[[ Data shown, beginning ]]

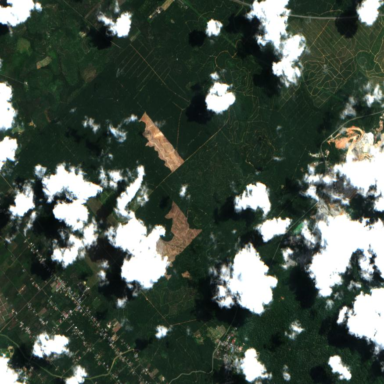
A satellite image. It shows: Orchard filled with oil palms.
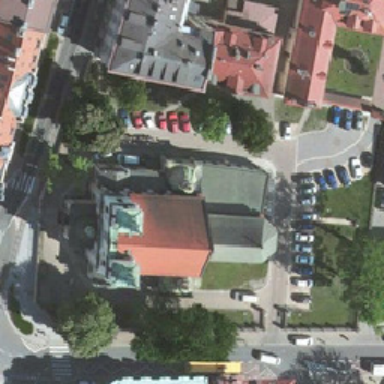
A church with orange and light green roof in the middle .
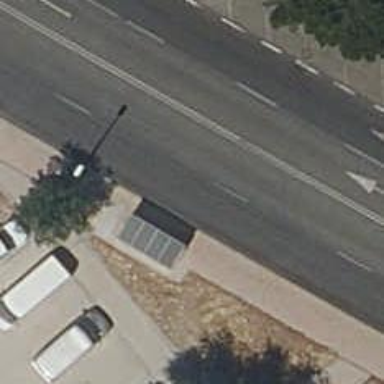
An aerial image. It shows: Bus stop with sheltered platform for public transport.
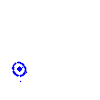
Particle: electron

[[ Data shown, end ]]
[[ Data shown, beginning ]]

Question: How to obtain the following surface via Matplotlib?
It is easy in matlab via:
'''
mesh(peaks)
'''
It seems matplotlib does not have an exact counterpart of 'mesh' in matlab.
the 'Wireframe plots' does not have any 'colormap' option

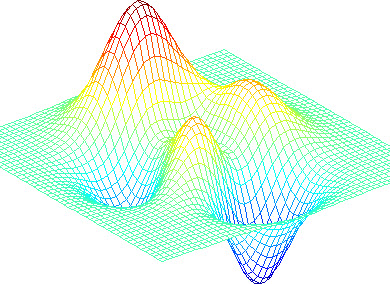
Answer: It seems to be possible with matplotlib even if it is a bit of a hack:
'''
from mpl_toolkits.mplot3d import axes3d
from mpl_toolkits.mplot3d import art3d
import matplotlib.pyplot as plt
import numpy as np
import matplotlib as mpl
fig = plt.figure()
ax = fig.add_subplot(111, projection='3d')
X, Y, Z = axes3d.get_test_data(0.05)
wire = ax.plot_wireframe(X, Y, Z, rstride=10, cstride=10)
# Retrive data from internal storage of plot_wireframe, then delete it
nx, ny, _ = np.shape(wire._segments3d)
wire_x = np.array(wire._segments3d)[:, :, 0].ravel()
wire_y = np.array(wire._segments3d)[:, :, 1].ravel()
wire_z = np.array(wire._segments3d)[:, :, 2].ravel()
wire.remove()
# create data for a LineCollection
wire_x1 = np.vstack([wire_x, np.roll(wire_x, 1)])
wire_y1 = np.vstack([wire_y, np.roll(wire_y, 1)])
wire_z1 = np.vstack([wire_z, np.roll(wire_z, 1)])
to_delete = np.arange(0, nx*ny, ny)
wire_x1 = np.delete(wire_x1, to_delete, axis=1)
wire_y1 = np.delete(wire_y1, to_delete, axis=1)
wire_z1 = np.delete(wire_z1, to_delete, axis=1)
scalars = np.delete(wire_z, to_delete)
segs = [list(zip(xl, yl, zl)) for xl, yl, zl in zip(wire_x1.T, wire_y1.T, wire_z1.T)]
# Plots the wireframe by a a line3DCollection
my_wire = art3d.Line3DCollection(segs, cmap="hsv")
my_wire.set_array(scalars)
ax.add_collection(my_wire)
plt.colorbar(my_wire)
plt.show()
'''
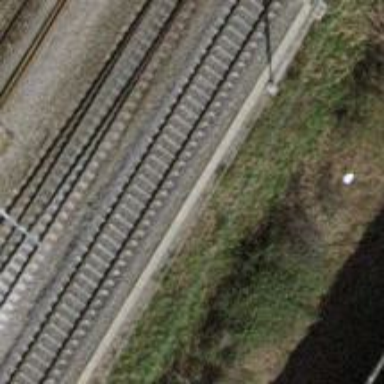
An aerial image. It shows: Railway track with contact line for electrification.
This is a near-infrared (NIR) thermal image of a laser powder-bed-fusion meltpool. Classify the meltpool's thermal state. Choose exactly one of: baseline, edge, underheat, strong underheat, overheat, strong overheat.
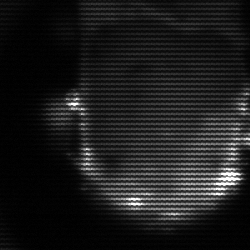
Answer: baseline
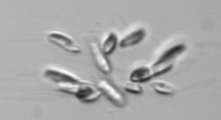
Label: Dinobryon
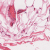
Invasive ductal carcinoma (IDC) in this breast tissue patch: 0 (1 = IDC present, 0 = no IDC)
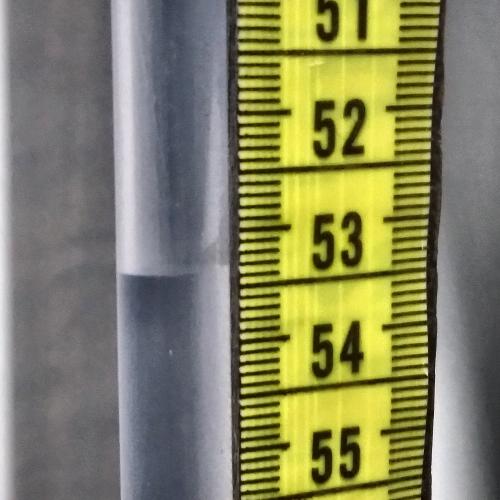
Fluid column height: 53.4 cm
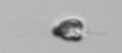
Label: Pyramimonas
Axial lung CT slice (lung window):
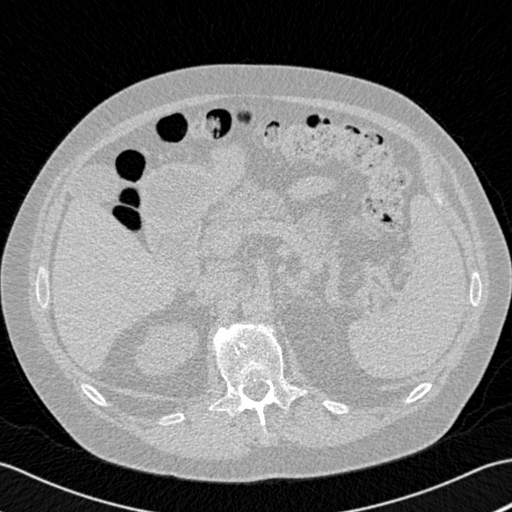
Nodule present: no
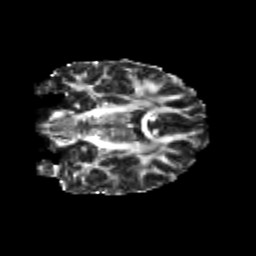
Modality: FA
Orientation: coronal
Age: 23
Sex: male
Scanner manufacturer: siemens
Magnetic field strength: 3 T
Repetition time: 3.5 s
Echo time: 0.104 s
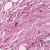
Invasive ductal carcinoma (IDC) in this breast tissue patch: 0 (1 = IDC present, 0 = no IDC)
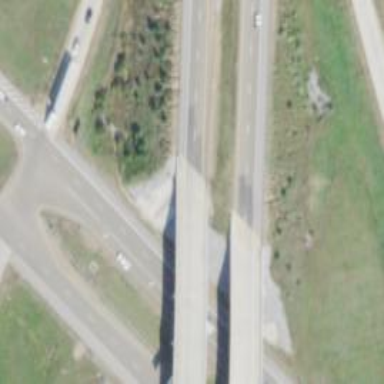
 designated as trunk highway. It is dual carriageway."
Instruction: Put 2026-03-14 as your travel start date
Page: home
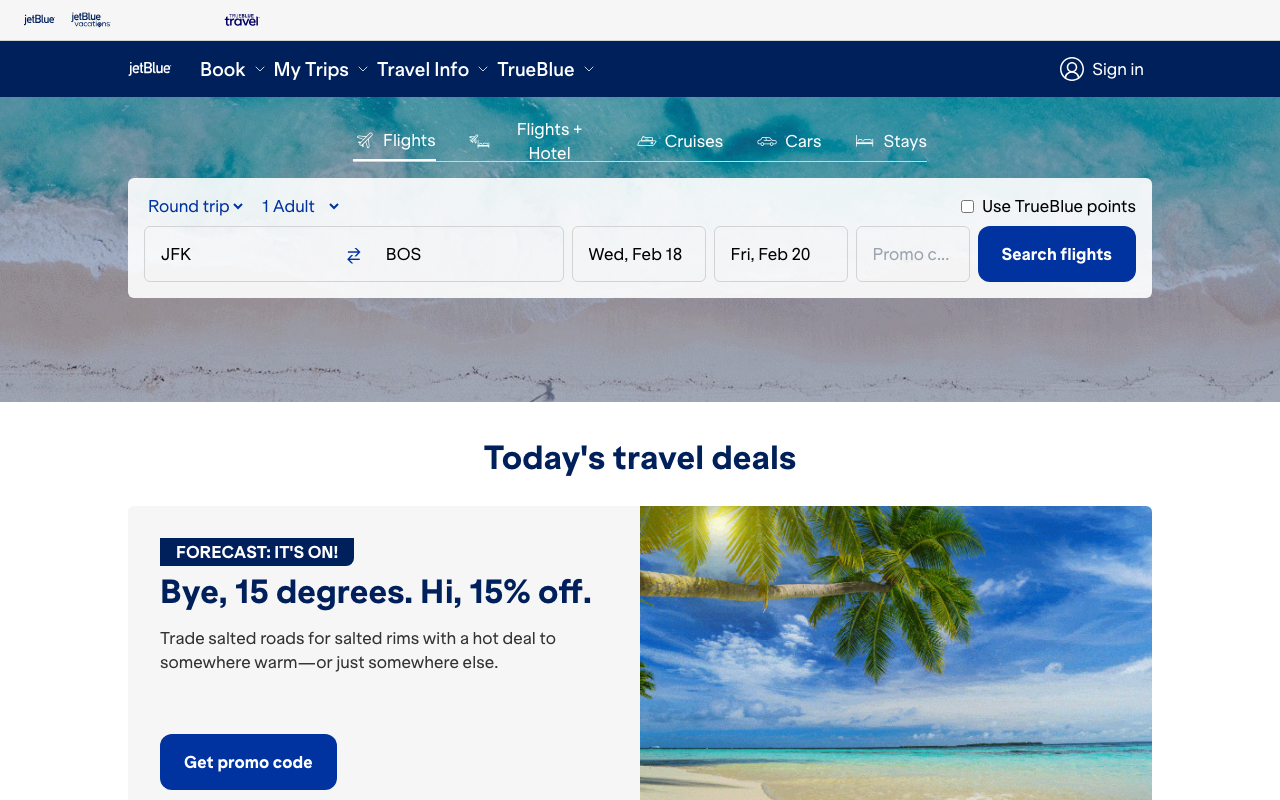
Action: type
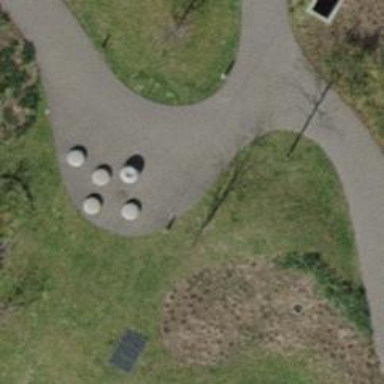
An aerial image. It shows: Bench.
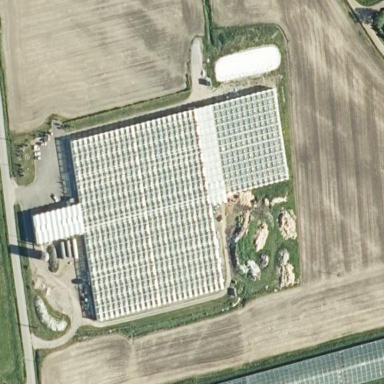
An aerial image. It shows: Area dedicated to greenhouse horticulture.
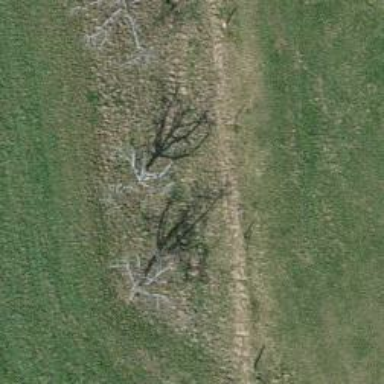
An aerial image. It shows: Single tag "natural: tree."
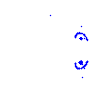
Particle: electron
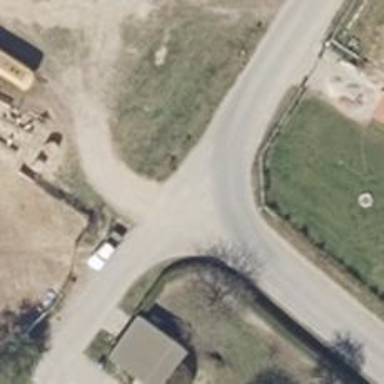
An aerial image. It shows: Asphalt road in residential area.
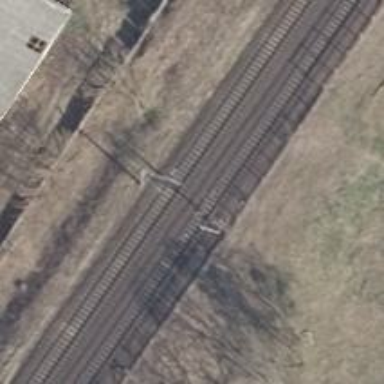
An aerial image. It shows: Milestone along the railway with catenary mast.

[[ Data shown, end ]]

■ **What you are asked to do**:
Only the lines of the listing above from the one with "Repetition time: 3.5 s" through the one with "An aerial image. It shows: Milestone" should be output, exactly, with both ends kept and pictures left out.

■ **Answer for this exercise**:
Repetition time: 3.5 s
Echo time: 0.104 s
Invasive ductal carcinoma (IDC) in this breast tissue patch: 0 (1 = IDC present, 0 = no IDC)
 designated as trunk highway. It is dual carriageway."
Instruction: Put 2026-03-14 as your travel start date
Page: home
Action: type
An aerial image. It shows: Bench.
An aerial image. It shows: Area dedicated to greenhouse horticulture.
An aerial image. It shows: Single tag "natural: tree."
Particle: electron
An aerial image. It shows: Asphalt road in residential area.
An aerial image. It shows: Milestone along the railway with catenary mast.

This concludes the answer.